Foto: Fernando Donasci/Folha Imagem
O músico Lucas Santtana, que faz show de lançamento do CD "Sem Nostalgia' na sexta-feira no Sesc Pompeia, em São Paulo
 

Para músico, conceito contemporâneo de canção vai da composição à mixagem final

Antes da carreira solo, Santtana foi instrumentista da banda de Gilberto Gil por três anos e tocou flauta no disco acústico do baiano

MARCOS AUGUSTO GONÇALVES
DA REPORTAGEM LOCAL

Era o dia 7 de agosto, Lucas Santtana passeava de bicicleta pelo bairro do Leblon, na zona sul carioca, quando o celular tocou. Um amigo ligava para avisar que seu mais recente CD, "Sem Nostalgia", ainda a caminho das lojas, estava recebendo comentários faixa a faixa, naquele instante, no Twitter.

O miniblog, que só aceita intervenções de até 140 caracteres, não é o espaço mais bem bolado para o exercício da crítica musical. Por isso mesmo Lucas gostou ainda mais da notícia. Usar ferramentas e instrumentos de maneira criativa é uma das coisas que admira. E foi o que procurou fazer em "Sem Nostalgia", disco raro, cool e inventivo, já entre os melhores do ano, que terá show de lançamento paulista na sexta-feira, no Sesc Pompeia.

O CD é feito apenas com voz e violões -acompanhados por sons ambientais, programações eletrônicas e "arranjos de insetos". Cinco das 12 canções têm letras em inglês -e três delas são parcerias com Arto Lindsay. O onipresente músico Curumin e Ricardo Dias Gomes, da banda Cê, estão entre os convidados.

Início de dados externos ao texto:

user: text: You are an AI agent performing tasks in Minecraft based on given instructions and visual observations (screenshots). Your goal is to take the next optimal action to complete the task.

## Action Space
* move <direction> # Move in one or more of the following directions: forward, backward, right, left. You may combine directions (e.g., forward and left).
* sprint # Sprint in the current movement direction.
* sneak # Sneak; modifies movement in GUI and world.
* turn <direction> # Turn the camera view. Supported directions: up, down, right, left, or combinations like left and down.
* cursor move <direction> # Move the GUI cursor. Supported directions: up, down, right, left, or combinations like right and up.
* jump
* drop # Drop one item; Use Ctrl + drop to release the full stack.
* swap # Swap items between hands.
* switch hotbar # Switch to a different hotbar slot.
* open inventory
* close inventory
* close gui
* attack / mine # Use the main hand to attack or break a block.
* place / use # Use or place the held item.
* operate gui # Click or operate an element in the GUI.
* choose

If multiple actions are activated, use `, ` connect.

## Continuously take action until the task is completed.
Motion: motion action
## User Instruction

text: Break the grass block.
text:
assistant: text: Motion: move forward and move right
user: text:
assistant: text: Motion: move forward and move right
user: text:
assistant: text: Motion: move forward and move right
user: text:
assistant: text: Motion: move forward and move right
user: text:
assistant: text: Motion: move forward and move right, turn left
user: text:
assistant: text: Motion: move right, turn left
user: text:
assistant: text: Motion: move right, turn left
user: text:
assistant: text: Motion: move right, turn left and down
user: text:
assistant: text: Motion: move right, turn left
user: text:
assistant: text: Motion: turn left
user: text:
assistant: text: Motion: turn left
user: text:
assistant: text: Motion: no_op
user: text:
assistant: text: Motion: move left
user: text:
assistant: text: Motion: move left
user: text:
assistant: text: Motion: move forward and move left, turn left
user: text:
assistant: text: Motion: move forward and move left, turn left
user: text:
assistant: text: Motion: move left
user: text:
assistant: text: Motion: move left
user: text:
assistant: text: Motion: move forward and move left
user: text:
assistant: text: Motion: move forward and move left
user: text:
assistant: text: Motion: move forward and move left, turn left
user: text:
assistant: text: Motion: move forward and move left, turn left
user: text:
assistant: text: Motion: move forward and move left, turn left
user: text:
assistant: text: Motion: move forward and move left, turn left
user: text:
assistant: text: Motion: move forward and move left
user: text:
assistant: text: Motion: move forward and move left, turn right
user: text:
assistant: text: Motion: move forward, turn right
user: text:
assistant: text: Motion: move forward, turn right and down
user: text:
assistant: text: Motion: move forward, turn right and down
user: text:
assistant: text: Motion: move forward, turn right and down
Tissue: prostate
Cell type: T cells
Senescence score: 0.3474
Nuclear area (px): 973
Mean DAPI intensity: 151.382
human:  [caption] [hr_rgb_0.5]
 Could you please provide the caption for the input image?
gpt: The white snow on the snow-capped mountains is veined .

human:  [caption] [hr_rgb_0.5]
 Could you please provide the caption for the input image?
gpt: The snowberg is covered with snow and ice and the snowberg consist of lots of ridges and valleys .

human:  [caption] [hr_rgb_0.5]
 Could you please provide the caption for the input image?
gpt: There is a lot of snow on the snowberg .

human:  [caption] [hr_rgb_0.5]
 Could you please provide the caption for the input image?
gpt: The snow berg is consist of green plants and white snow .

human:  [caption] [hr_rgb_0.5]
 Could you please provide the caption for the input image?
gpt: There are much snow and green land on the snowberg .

O responsável pelas "tuitadas" foi o jornalista Pedro Alexandre Sanches, ex-crítico da Folha, que mantém um blog e escreve sobre música para diversas publicações. Seus comentários sobre o CD atraíram fãs e propiciaram uma troca de posts entre ele e Lucas.

"Estabeleceu-se um acontecimento raríssimo. Artista e crítico conversaram quase em tempo real e publicamente sobre esse encontro -em geral um desencontro- da produção com a análise da produção", conta Sanches.

Ao final de uma hora, tempo que durou o divertido experimento, o crítico havia acrescentado mais de cem seguidores à sua lista- "provavelmente gente que seguia Lucas no Twitter". Provavelmente. O músico é assíduo frequentador da blogosfera e responsável pelo diginois.com.br, lançado em 2006, que oferece músicas e CDs para ouvir, baixar e remixar. "Sem Nostalgia" inclusive.

Na banda de Gil

Nascido em Salvador, em 1970, Lucas é filho de Roberto Sant'Anna, importante produtor musical, que criou, em 1961, o lendário espetáculo "Nós, Por Exemplo", com participação de Tom Zé, Gilberto Gil, Caetano Veloso e Djalma Corrêa. Na Polygram, em fase áurea, produziu diversos LPs, entre os quais "Refavela", de Gil.

Aos 13 anos, Lucas foi ter aulas na AMA, a Academia de Música Atual, escola particular criada em Salvador por professores universitários que haviam estudado na Universidade da Califórnia, em Berkeley. Anos depois, ingressou na faculdade de música da Bahia, conhecida pela herança renovadora de Hans Joachim Koellreutter e Walter Smetak.

No período em que trabalhou como instrumentista (tocou flauta com Gil no "Acústico" e participou de sua banda durante três anos), Lucas usou o tempo ocioso das turnês para compor. Em 1998, o produtor Chico Neves o convidou para fazer um disco. Lançado em 2000, "Eletro Ben Dodô" teve uma mãozinha de Peter Gabriel, que gostou das canções e ofereceu gratuitamente seu estúdio londrino para a finalização do trabalho. Depois vieram "Parada de Lucas" (2003) e "3 Sessions in a Greenhouse" (2006), o primeiro a ser lançado na internet não apenas para download mas também para remix.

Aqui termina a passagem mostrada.